Display indico page of "WP5 ESAP Focus Months"
https://indico.in2p3.fr/event/21650/
and poses a question mark on the concrete distinction between "Interactive analysis" and "batch processing".
The Stelio's anlysis on the last meeting included batch processing.
It is not yet clearly defined what is meant by software in ESAP.
Introduces Rosetta as a possible tool to run software/ exploit computing resource. Rosetta could be installed by data centers to provide access to their computing resources through Rosetta (Rosetta used as a sort of plug-in).

Gareth: asks a brief summary of what Rosetta is/does

Stefano: provides a brief Rosetta demo:
- Idea behind Rosetta: an aggregator of computing resources
- in Rosetta definition each software is a software container
- it has a container entry point
- support command line access also
- show a software container run and web access
- a file manager is supported, tests can be done with not massive datasets

Sara: Rosetta and Dirac are not mutually exclusive, the computing resources can be described as "supporting DIRAC access" or "supporting Rosetta access" and listed in ESAP.

Matthias: what is the interface between this different tools Rosetta vs ESAP and Rosetta vs DIRAC

Stefano: they should be at the same level, so someone can choose to add support to one or the other. How to integrate is ESAP is an open point. At the moment computing resources are listed and accessed with a redirect url. Only a branch has an integration of DIRAC resources. An explanation of how Gareth integrated could be really useful. Not how run, but how select dirac resources in ESAP, because the same could be done for Rosetta.

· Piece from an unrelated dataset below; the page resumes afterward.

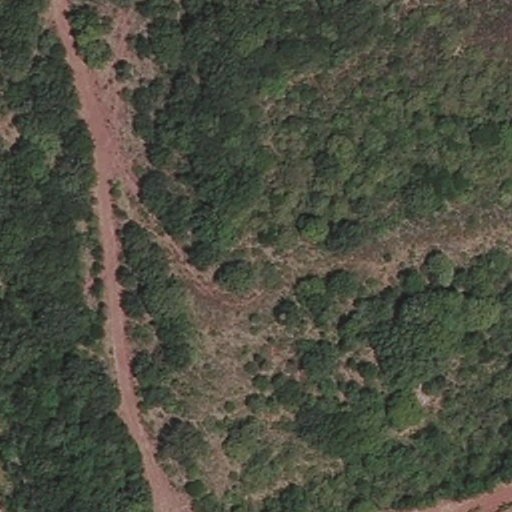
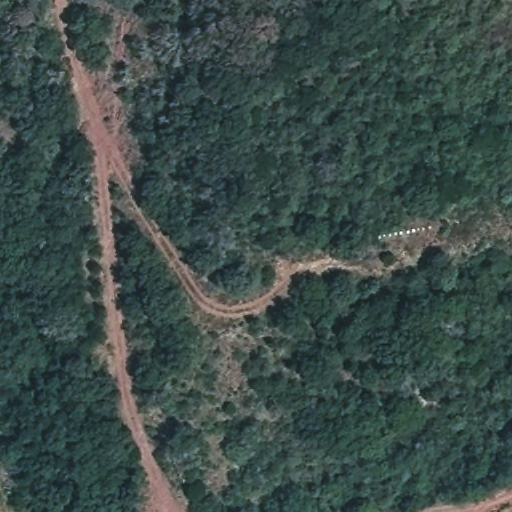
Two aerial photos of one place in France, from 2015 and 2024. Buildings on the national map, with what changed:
unchanged [(388,398),(399,391),(411,402),(396,408),(388,398)]

Gareth: DIRAC have the server managing the jobs on the data center, the user has a DIRAC client. A container packaging both DIRAC client and ESAP backend has been run. Following the example done for Rucio, it has basically created an archive on the ESAP page.

John: the work done in Rosetta must not be duplicated in ESAP

Mattias: ESAP is proposed as a toolkit. What of Rosetta functionalities has to be included, from the point of view of CTAO, to build the platform. Rosetta has to be available as a toolkit through ESAP. There is the  idea/need to be able to build a science platform for CTAO  through the ESAP toolkit during the 2022.

Stefano: in Rosetta 20% of the work is front-end and 80% is back-end and the back-end can be easily be used as another service in ESAP. There are 3 ways to integrate Rosetta in ESAP:
1- a redirect link as it is done for binder
2- Stefano writes a few wrappers for API calls to Rosetta in the ESAP back-end
3- the same way used now for DIRAC: Stefano writes a thin Rosetta client  
  
Gareth: Display a video demo: https://www.youtube.com/watch?v=WyOs2mwPh2w

Stefano: the DIRAC integration now is bound to a specific set of computing resources. It is not a way to choose data and then software and then run. We are not producing the expected behavior.

Gareth: there are use cases where do not need data (simulations). 
The integration with the shopping basket is a huge thing. The authentication issue should be solved to have a fine grained authorization giving users access to different kind of software based on group membership.
Three or four concrete use cases could be useful.

John: meet difficulties trying to involve ESFRI other than CTAO.

Gareth: we need to clarify what we mean with batch processing.

Stefano: asks clarification about data selection in current DIRAC integration

Gareth:  ConCORDIA is a set of containers for CORSIKA simulations on DIRAC. The archive is not a data archive, but a software archive. 

Stefano: we should not distinguish between interactive and batch processing. Batch should just have a connect button. 

~all: General agreement on that. Software metadata description is needed.

Matthias: what are the next steps about metadata? CTAO is in the software metadata definition phase and it is really interested in this part.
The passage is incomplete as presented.